You are trying to use anecdotal evidence to disprove what can be proven both on paper and through controlled testing. The driver element can be considered a trial and error thing. The physics is not. Despite the fact that elementary mechanics can prove little about how tyres work, you go a few levels deeper and you will find that in fact, physics can explain how tyres grip on a great number of surfaces.

As goes mud, it really depends on the composition of the mud (I do realize that mud is just a term for sediment grain size, but I think the mud you are referring to is the nonuniform stuff you find after dirt gets soaked), but the theory still applies. Again, immediately diving in and slamming on your brakes won't help you, as you will be accumulating little in front of the tyre and will be skidding across the top of the mud. What the driver needs to do is to control when and how the lock occurs so he can form enough of a wall of material in front of the tyre without completely filling up the tyre treads, jumping over the wall of material, or causing too sudden a loss of traction. How the driver does this will depend on his car, the tyres, and the composition of the surface he's on. This sounds like a lot of work, and it is. But with just a bit of practice it's pretty easy to learn how to do this safely and effectively. And yes, it will help you stop faster. Just like with gravel and snow.

ABS was invented to make limit braking easier for people who can't or don't know enough to do so. There are two things ABS was not designed to do:
-The first is to make an average or poor driver brake as well as a better trained driver. That isn't possible. Stopping quickly isn't as simple as slamming on your brakes and forcing the brakes to operate at the limit. There are so many factors you have to deal with it's not even funny. There's a reason the entire four wheeled driving world agrees that it's one of the hardest things you will ever learn to do properly in a car.
-ABS is not designed or tested for surfaces other than pavement. Pavement (even wet pavement) is a lot more forgiving of the inherent lack of smoothness of ABS sytems than almost any loose surface. This could (and does) lead to the case that the ABS will cause the tyre to momentarily lose traction, effectively lengthening the total stopping distance.

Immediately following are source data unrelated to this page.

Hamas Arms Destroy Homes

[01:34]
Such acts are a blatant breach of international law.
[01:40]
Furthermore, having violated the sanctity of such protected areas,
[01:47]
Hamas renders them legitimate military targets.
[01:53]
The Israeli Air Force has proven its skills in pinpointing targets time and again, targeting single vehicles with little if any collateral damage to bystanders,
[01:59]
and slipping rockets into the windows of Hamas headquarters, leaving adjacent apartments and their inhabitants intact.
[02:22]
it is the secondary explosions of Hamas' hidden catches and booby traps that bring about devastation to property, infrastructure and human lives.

It's no coincidence that B11sleeper, amongst many people with ABS equipped cars have had trouble stopping their cars on snow.

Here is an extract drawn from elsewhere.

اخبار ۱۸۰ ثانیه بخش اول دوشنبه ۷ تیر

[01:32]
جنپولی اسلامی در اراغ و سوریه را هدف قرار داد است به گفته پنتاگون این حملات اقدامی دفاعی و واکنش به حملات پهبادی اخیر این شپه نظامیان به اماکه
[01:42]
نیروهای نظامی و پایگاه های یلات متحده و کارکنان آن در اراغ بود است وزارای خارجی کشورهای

The only thing ABS can do that a human foot cannot is to apply the brakes at the same frequency in a given amount of time. However, that does not directly make the Anti-lock Braking System better than a trained human foot in any way. Not only that, but if you can hold the brake system at its absolute limit in a given situation, you will stop faster than the fastest ABS that can possibly be built. I am not implying that ABS is a useless technology. Good Anti-lock Braking Systems are a great driver aid on or off the track (that is IF you know how to use it properly). What I am saying is that ABS cannot and will not do what it is not designed to do.

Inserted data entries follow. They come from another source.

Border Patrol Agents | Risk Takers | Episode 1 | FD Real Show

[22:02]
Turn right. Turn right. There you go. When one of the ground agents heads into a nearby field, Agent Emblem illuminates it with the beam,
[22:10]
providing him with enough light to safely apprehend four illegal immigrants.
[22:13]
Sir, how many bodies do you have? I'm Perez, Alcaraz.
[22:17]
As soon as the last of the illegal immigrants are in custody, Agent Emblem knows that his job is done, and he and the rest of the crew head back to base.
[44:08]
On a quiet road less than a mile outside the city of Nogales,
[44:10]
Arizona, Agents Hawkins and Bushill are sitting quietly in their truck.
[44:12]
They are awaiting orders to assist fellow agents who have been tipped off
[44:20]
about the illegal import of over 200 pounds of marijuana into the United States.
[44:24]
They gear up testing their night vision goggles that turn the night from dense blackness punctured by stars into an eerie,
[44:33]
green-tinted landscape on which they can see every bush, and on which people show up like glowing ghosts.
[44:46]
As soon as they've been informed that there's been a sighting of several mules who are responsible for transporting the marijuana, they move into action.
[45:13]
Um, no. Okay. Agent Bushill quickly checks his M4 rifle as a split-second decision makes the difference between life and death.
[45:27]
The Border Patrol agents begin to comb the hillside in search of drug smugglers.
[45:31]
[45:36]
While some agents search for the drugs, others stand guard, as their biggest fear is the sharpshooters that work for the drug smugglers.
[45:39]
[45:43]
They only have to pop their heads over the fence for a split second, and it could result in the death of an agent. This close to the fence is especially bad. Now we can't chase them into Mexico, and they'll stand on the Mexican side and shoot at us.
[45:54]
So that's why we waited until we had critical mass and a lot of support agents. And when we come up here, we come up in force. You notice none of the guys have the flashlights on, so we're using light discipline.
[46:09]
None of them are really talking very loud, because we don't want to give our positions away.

BTW, if you're wondering where I'm getting all this information, I have a long list of books that you can (and probably should) read. I'd reccomend starting out with Drive to Win by C. Smith and The Physics of Tire Traction, Theory and Experiment by Warren (check me on the title for that second book. I borrowed it so I don't remember what it was exactly). They'll give you the basics and you can move up to the more modern and specialized sources of tyre information from there (namely the science behind creating tyres for specific surfaces, conditions, applications).


----------



## Gsolo (Sep 11, 2003)

ReVerm said:


> You are trying to use anecdotal evidence to disprove what can be proven both on paper and through controlled testing. The driver element can be considered a trial and error thing. The physics is not. Despite the fact that elementary mechanics can prove little about how tyres work, you go a few levels deeper and you will find that in fact, physics can explain how tyres grip on a great number of surfaces.
> 
> As goes mud, it really depends on the composition of the mud (I do realize that mud is just a term for sediment grain size, but I think the mud you are referring to is the nonuniform stuff you find after dirt gets soaked), but the theory still applies. Again, immediately diving in and slamming on your brakes won't help you, as you will be accumulating little in front of the tyre and will be skidding across the top of the mud. What the driver needs to do is to control when and how the lock occurs so he can form enough of a wall of material in front of the tyre without completely filling up the tyre treads, jumping over the wall of material, or causing too sudden a loss of traction. How the driver does this will depend on his car, the tyres, and the composition of the surface he's on. This sounds like a lot of work, and it is. But with just a bit of practice it's pretty easy to learn how to do this safely and effectively. And yes, it will help you stop faster. Just like with gravel and snow.
> 
> ...


ABS has always been known for lengthening stopping distances. And yes a good trained driver can stop better without ABS...but average joe can't stop worth a damn. and i understand what you're saying about building up material in front of the tires...but for all the snow driving i do its worthless to even try  yes on gravel it works, but the only car i've tried stopping really on gravel is my chevy which is to unbalanced and bad brakes to make a difference. But like I said I don't rally, i just put (sometimes a fast put) around town and try to dodge all the idiots out there (and occasional dogs)


----------



## B11sleeper (Oct 15, 2003)

my father and i argue about the merits of ABS and ABS related 'traction control' yeah, joe driver is better off with the help.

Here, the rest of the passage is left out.